Couple of weeks back I started to rewrite one of our core service layer where I refactored a bunch of code and abstracted in a more reusable fashion. This involved touching some mysql cursor code and I accidentally introduced a memory leak during this. Unfortunately we found this bug right about one hour after we pushed to production. The service leaked memory and took about one hour for the server to start swapping. I started investigating this behavior and was able to reproduce this on my local machine after writing a quick load emulator with python threads.

Running top showed that RSS memory for the process starts around 21MB and grows to 46 MB in 30 minutes. In the past I used python object graph module objgraph to track the type of various objects in the python memory. I quickly placed a small snippet of code to print the count of type of objects in memory.

#!python
import objgraph
objgraph.show_most_common_types()

dict                       6230
tuple                      5834
function                   740

So I got the sense that there are way more dicts in memory. Although the counts of dicts are decreasing once in x seconds which means the python gc is performing its job. Meanwhile I reverted the production to its previous stable phase and ran the same stable build on local and saw that the number the dicts and tuples are about the same. So I knew that the problem is something else.

I read a little more reading on the web and found that heapy might be able to help me. But I failed in installing guppy/heapy on my mac. It constantly complained No module named gobject. I gave up on this direction and looked more into objgraph. Then I found this cool function which outputs the growing data structures.

#!python
import objgraph
objgraph.show_growth(limit=3)

tuple              3432     +23
dict               2430     +18
function           630      +2

This function actually prints the count of the data structure and by how much it grew over the last call. That is cool but I found the same data structures growing constantly. I left the test running for couple of minutes while I rushed to fetch my laundry. While I was back I found that there was a new entry in the terminal.
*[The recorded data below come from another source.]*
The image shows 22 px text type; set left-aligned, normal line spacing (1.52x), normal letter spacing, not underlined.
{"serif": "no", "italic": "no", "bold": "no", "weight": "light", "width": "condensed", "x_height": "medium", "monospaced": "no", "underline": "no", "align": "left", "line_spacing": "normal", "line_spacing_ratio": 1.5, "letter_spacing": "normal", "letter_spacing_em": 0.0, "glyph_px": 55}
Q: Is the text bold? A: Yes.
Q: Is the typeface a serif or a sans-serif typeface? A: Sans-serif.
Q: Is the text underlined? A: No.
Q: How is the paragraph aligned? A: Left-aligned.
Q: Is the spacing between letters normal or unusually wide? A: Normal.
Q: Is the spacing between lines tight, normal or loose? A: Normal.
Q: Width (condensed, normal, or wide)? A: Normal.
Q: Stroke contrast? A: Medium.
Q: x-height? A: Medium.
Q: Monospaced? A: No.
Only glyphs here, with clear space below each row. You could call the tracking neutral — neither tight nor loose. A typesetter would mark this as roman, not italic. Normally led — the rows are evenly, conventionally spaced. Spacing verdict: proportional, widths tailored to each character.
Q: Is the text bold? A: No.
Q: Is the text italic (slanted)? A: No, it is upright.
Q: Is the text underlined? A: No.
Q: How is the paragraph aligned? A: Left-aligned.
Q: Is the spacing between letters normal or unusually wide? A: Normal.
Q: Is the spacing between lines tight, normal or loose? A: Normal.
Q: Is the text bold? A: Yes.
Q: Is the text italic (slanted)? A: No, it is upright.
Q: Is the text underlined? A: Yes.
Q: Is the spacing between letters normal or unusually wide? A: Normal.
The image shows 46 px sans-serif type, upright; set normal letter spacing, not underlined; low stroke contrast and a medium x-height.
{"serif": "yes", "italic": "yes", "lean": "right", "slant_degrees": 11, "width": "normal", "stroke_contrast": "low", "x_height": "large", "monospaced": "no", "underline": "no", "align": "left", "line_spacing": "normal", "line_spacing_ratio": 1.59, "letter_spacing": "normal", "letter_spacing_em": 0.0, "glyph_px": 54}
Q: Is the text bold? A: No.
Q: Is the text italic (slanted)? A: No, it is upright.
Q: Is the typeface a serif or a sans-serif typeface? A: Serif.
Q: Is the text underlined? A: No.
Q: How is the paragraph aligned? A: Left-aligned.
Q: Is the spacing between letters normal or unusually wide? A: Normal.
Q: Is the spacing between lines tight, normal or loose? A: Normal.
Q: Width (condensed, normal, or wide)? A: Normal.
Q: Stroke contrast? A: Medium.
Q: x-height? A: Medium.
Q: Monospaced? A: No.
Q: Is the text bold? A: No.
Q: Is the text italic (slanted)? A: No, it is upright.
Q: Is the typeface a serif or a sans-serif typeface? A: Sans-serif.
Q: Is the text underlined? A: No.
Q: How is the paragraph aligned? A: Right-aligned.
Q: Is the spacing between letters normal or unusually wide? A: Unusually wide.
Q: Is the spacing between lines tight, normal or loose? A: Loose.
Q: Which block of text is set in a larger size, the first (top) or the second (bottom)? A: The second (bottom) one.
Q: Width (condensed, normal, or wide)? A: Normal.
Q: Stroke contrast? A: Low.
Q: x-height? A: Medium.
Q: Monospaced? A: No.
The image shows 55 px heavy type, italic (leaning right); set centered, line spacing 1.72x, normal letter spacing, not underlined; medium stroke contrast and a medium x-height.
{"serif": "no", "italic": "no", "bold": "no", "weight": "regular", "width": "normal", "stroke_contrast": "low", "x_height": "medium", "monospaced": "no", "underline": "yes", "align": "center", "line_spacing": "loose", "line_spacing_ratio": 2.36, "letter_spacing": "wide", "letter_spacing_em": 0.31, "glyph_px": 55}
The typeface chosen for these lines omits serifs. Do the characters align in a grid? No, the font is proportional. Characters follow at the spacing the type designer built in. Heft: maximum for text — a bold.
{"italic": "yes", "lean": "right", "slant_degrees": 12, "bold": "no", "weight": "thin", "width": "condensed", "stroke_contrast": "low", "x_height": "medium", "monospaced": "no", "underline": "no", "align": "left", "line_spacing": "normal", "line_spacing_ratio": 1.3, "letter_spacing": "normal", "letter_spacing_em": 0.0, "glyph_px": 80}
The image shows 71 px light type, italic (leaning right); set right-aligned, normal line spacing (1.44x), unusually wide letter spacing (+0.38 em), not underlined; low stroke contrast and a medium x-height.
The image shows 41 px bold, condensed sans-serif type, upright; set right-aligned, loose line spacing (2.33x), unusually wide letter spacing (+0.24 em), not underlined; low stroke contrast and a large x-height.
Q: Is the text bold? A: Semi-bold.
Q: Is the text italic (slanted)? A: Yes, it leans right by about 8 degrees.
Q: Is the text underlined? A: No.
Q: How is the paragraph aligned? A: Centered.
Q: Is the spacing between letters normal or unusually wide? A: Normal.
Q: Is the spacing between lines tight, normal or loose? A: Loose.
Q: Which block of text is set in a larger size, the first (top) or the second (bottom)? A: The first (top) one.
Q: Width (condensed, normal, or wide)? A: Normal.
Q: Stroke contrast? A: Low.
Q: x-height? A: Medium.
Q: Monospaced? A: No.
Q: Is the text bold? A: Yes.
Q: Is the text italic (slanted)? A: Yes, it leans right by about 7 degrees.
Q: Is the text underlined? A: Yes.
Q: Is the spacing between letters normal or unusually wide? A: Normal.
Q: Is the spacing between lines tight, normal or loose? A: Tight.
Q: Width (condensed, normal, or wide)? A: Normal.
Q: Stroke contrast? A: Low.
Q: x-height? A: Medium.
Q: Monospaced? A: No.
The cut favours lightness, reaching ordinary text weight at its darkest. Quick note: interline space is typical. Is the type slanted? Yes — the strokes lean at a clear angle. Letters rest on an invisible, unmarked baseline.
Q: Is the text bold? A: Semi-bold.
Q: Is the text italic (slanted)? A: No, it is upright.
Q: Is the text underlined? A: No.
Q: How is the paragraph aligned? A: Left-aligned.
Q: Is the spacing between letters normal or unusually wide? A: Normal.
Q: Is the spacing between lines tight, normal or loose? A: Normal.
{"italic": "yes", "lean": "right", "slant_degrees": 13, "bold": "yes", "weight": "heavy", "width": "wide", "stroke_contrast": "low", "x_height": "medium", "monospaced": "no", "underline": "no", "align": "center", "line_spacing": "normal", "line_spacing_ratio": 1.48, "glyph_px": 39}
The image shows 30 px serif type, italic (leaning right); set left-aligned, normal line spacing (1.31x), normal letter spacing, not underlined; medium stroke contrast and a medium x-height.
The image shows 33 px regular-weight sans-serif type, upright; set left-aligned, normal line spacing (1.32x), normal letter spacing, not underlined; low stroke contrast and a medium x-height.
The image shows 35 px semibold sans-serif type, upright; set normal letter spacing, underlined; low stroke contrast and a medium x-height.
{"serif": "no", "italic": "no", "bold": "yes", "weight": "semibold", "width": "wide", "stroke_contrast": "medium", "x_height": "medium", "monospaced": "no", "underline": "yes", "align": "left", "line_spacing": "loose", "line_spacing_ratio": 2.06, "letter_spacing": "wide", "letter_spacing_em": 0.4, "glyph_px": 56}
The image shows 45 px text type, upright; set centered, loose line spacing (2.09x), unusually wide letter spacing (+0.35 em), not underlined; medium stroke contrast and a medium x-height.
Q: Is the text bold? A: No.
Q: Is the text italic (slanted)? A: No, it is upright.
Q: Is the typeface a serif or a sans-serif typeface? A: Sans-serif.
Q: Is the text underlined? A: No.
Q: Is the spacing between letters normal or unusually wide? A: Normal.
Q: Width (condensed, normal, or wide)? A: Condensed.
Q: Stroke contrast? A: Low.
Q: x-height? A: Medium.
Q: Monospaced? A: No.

tuple              4743     +23
dict               3703     +18
DictCursor          734     +1

Bingo that tells me something. So somehow the DictCursor objects were not garbage collected. Ok now how to trace down that why are these objects not garbage collected. The function which creates and destroy is this utility function get_mysql_cursor.

#!python
from types import MethodType

def fetchall_items(self):
    """Cursor returns a list of tuples of items
        Ex:   [(3434,), (544,), (4545,)]
    """
    return [x[0] for x in self.fetchall()]


def get_mysql_cursor(host):
    # returns pooled connection to host
    conn = get_mysql_connection_for_host(host)
    cursor = conn.cursor(cursor)
    try:
        # patch the cursor to add a simple helper
        cursor.fetchall_items = MethodType(fetchall_items, cursor)
        yield cursor
    except Exception, err:
        import traceback
        conn.refresh()
        logger.error("mysql query failed on %s with %s" %(host, traceback.print_exc()))
    finally:
        cursor.close()
        del cursor
        del conn

The function actually invokes del method after it is done with the cursor and connection. The __del__ method connection id hacked to return the connection back to the pool. After a little more work I was able to find this little trick in the objgraph docs, where objgraph can print the references between objects. That way we can see who is holding a reference to the cursor object.

#!python
import objgraph
objgraph.show_refs([DictCursor], filename='sample-graph.png')

For this to work I had to install graphviz and xdot modules.

#!bash
$ sudo pip install graphviz xdot

This cracked it. The sample-graph.png showed the objects in memory and how they are referenced with each other.

You can clearly see that DictCursor has a back reference from instance method fetchall_items which is clearly making gc to not garbage collect the cursor. Yes I was patching the cursor with this utility function at runtime and clearly the function fetchall_items was in global scope of the module.

#!python
try:
    # patch the cursor to add a simple helper
    cursor.fetchall_items = MethodType(fetchall_items, cursor)
    yield cursor
except Exception, err:
    import traceback
    conn.refresh()
    logger.error("mysql query failed on %s with %s" %(host, traceback.print_exc()))
finally:
    # remove the dynamic method to avoid memory leak
    delattr(cursor, "fetchall_items")
    cursor.close()
    del cursor
    del conn

I wrote a quick fix to delete the function before deleting the cursor, which seems to fix the problem.

Lesson Learnt: It is not a good practice to patch objects at run time. Such things result in these scenarios where you will have to spend a lot of time trying to find a problem which you don’t understand. I just took around 9 hours for me to crack this down.